→ Exercise data:
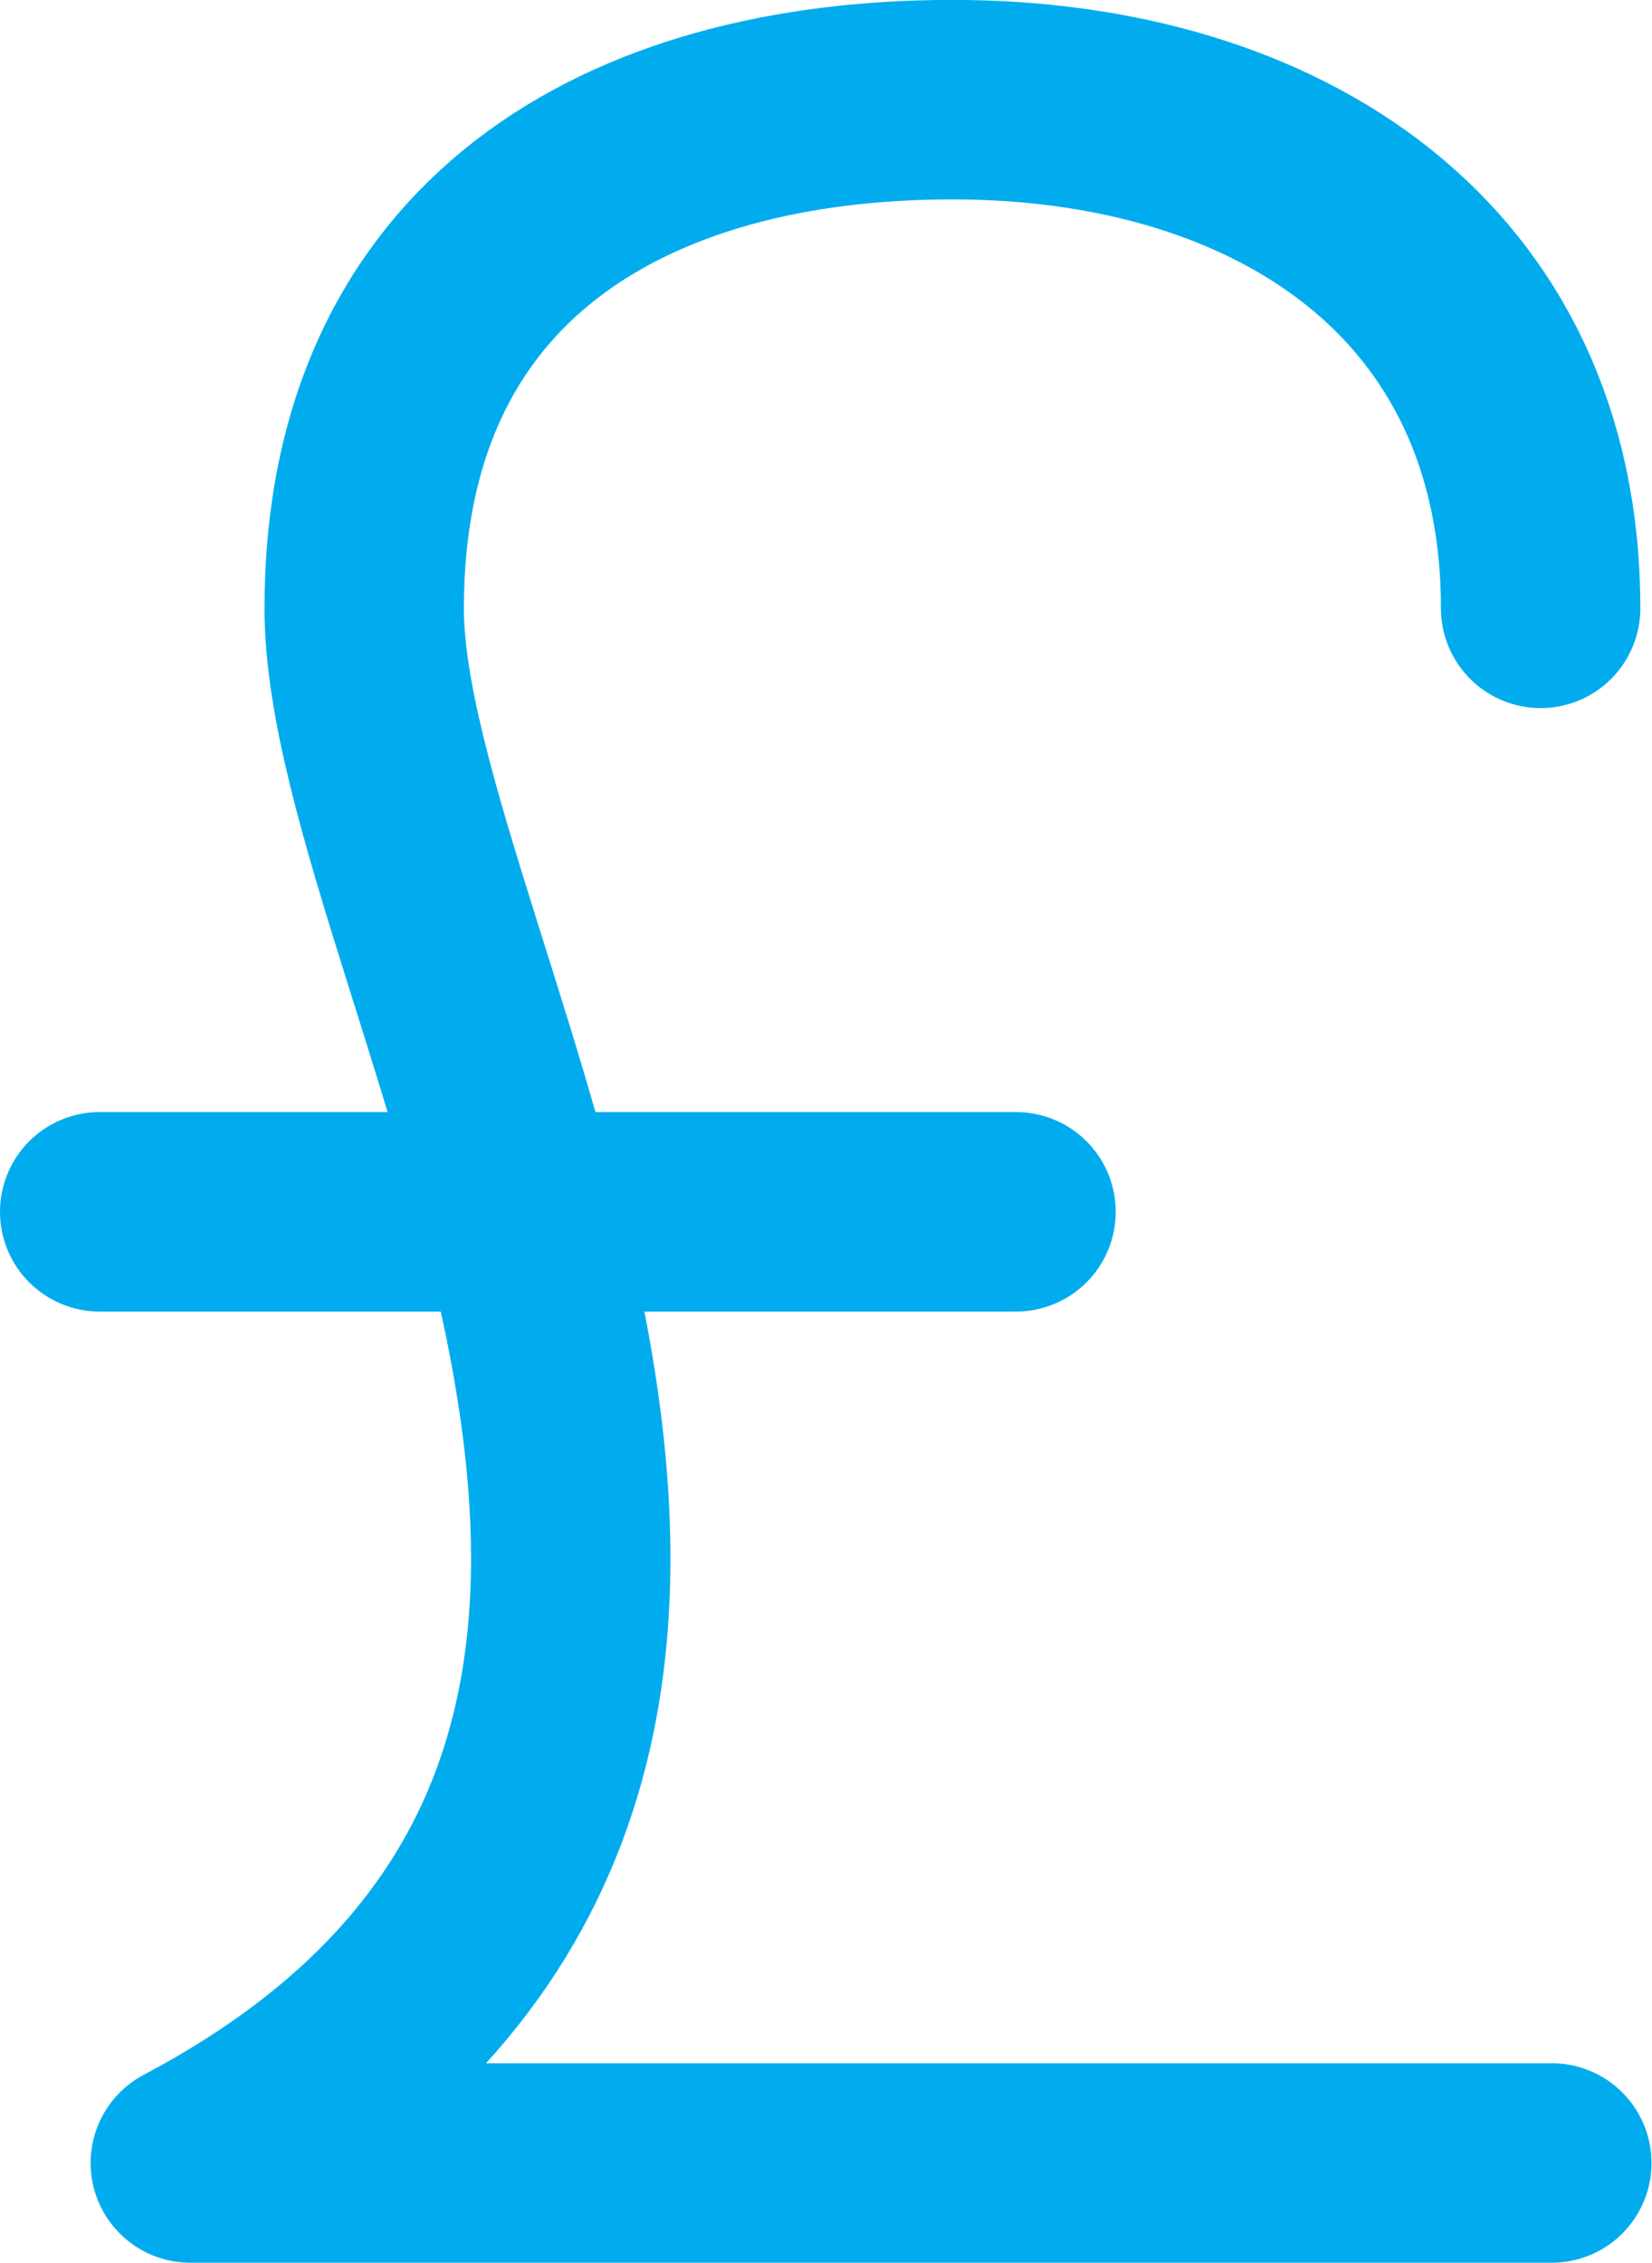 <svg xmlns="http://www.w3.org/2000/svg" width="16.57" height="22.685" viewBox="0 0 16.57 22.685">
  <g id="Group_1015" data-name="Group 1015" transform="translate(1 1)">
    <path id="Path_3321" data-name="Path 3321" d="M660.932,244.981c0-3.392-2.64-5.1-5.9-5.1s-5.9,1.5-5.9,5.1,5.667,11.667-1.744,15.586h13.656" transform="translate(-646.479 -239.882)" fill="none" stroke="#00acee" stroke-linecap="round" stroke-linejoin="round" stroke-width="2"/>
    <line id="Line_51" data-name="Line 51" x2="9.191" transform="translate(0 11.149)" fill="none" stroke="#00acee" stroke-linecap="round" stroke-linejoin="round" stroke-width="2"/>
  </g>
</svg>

→ Task prompt: Reproduce each line from the data that has "fill" in it.

→ Result below:
    <path id="Path_3321" data-name="Path 3321" d="M660.932,244.981c0-3.392-2.64-5.1-5.9-5.1s-5.9,1.5-5.9,5.1,5.667,11.667-1.744,15.586h13.656" transform="translate(-646.479 -239.882)" fill="none" stroke="#00acee" stroke-linecap="round" stroke-linejoin="round" stroke-width="2"/>
    <line id="Line_51" data-name="Line 51" x2="9.191" transform="translate(0 11.149)" fill="none" stroke="#00acee" stroke-linecap="round" stroke-linejoin="round" stroke-width="2"/>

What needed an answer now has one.